Starting a new project. 30s Double Bar Roadster. Not sure if it's a Schwinn or not? I’ve got most of the pieces to get it going soon.


----------



## ballooney (Dec 8, 2021)

Oh that will be a sweet build!  Nice lines on that frame...like where you're headed.  
But that tube amp...now that is sexy!


----------



## WillWork4Parts (Dec 8, 2021)

Dropouts look Schwinn to me, stays look ovalized like a Schwinn....and I see a taper at the seat stays, would have to see a pic from the back focused on the seat clamp and seat stay bridge to confirm.


----------



## dave429 (Dec 8, 2021)

Nice looking build. The hubs, rims and tires really give it a good look. What type of crankset are you thinking of using? What gearing ratio are you planning? Look forward to seeing it complete.


----------



## Big Moe (Dec 9, 2021)

Definitely put axle adjusters in it. Save your dropouts. Very sweet looking bike. 👌


----------



## nightrider (Dec 9, 2021)

Nice looking bike. But I also am drawn to your audio setup !


----------



## HBSyncro (Dec 9, 2021)

Sweet!  That thing is gonna rule the beach path.


----------



## larock65 (Dec 9, 2021)

WillWork4Parts said:


> Dropouts look Schwinn to me, stays look ovalized like a Schwinn....and I see a taper at the seat stays, would have to see a pic from the back focused on the seat clamp and seat stay bridge to confirm.


----------



## larock65 (Dec 9, 2021)

dave429 said:


> Nice looking build. The hubs, rims and tires really give it a good look. What type of crankset are you thinking of using? What gearing ratio are you planning? Look forward to seeing it complete.

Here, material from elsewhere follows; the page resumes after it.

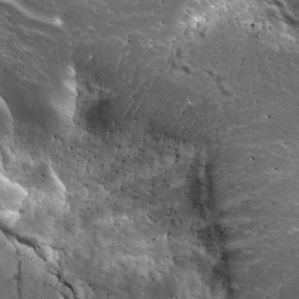
Label: non_frost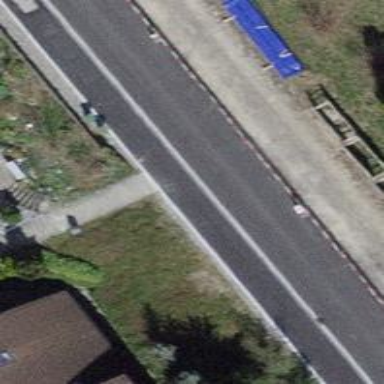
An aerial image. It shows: Set of steps on the road.

I’m running these Lambert Viscount TAs.


----------



## WillWork4Parts (Dec 9, 2021)

larock65 said:


> View attachment 1524913
> 
> View attachment 1524914



Looks like a Schwinn to me.


----------



## dave429 (Dec 9, 2021)

larock65 said:


> I’m running these Lambert Viscount TAs.
> 
> View attachment 1524915



Very cool, should be a nice looking build and a blast to ride!


----------



## ditchpig (Dec 10, 2021)

Excellent! Love the wheels/tires and the drum brakes...clean. Great choice! Thanks for posting..hope Santa brings you more cool parts!


----------



## jakedog (Dec 11, 2021)

Did you expand the rear triangle to make those hubs fit? How is the alignment? I have a couple of frames I'd like to put drum brakes on but am still a little nervous about screwing up a nice old frame.


----------



## WillWork4Parts (Dec 11, 2021)

jakedog said:


> Did you expand the rear triangle to make those hubs fit? How is the alignment? I have a couple of frames I'd like to put drum brakes on but am still a little nervous about screwing up a nice old frame.

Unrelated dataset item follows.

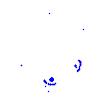
Particle: kaon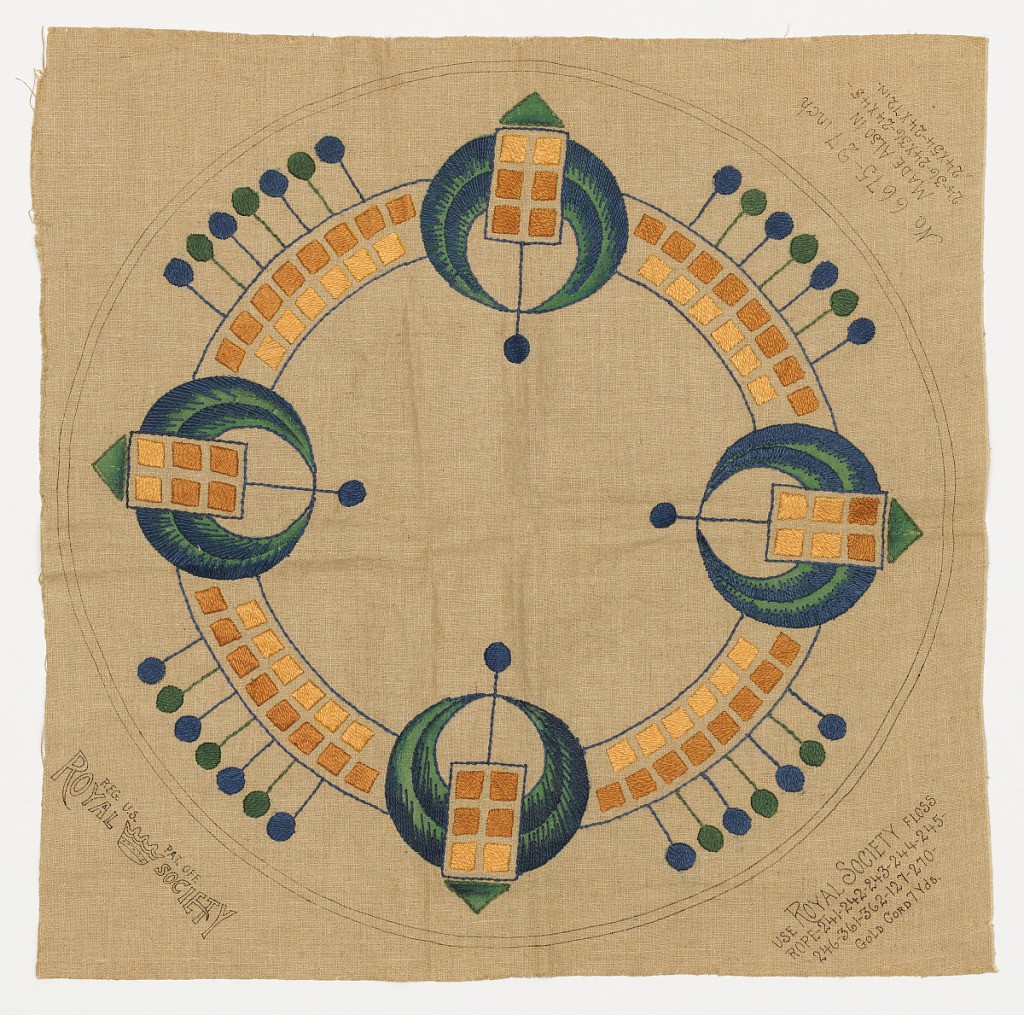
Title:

I was going to ask the same question, something looks a little off on the rh dropout...

And yes, they can be "cold set" to fit a wider hub...just wait for the professionals that like to use a blowtorch at any chance they can get, and they'll tell you it needs to be heated at each dogleg of the stays before you can spread the stays wider.  
Either method, I do recommend a device to aid in keeping your dropouts parallel during and after spreading process. Otherwise you will have nut/slippage/alignment issues.


----------



## larock65 (Dec 11, 2021)

WillWork4Parts said:


> I was going to ask the same question, something looks a little off on the rh dropout...
> 
> And yes, they can be "cold set" to fit a wider hub...just wait for the professionals that like to use a blowtorch at any chance they can get, and they'll tell you it needs to be heated at each dogleg of the stays before you can spread the stays wider.
> Either method, I do recommend a device to aid in keeping your dropouts parallel during and after spreading process. Otherwise you will have nut/slippage/alignment issues.

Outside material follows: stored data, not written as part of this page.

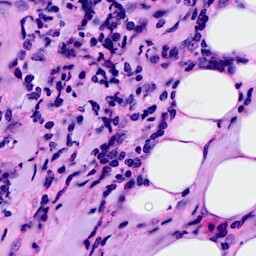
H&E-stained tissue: Breast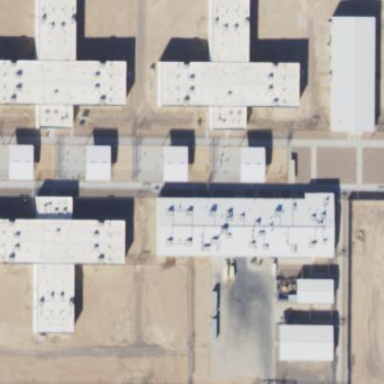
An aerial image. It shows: Prison facility surrounded by fence.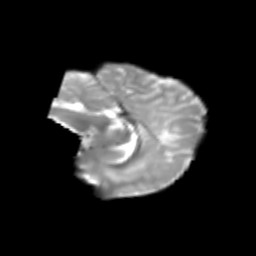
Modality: T2w
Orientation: sagittal
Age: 6
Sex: male
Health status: healthy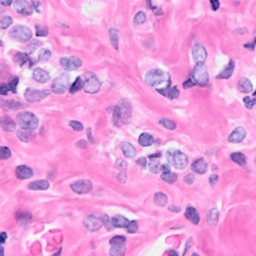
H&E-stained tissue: Breast

I slid the wheel in for the picture. My buddy will cold set it for me.


----------



## palepainter (Dec 15, 2021)

Rad bike!


----------



## Barfbucket (Dec 15, 2021)

jakedog said:


> Did you expand the rear triangle to make those hubs fit? How is the alignment? I have a couple of frames I'd like to put drum brakes on but am still a little nervous about screwing up a nice old frame.



Old american bikes spread easy as the steel tubing is not high quality. Quality steel tubing is much harder to spread. You can easily put it back to original spacing without harm. You can build a tool to align the drops back to parallel once it’s spread. You can make a frame alignment tool out of wood to check it.








Here is my frame alignment tool but I made it from welded square steel tubing.


----------



## Barfbucket (Dec 15, 2021)

larock65 said:


> Starting a new project. 30s Double Bar Roadster. Not sure if it's a Schwinn or not? I’ve got most of the pieces to get it going soon.
> 
> View attachment 1524453
> 
> ...



Mine is even the same color.


----------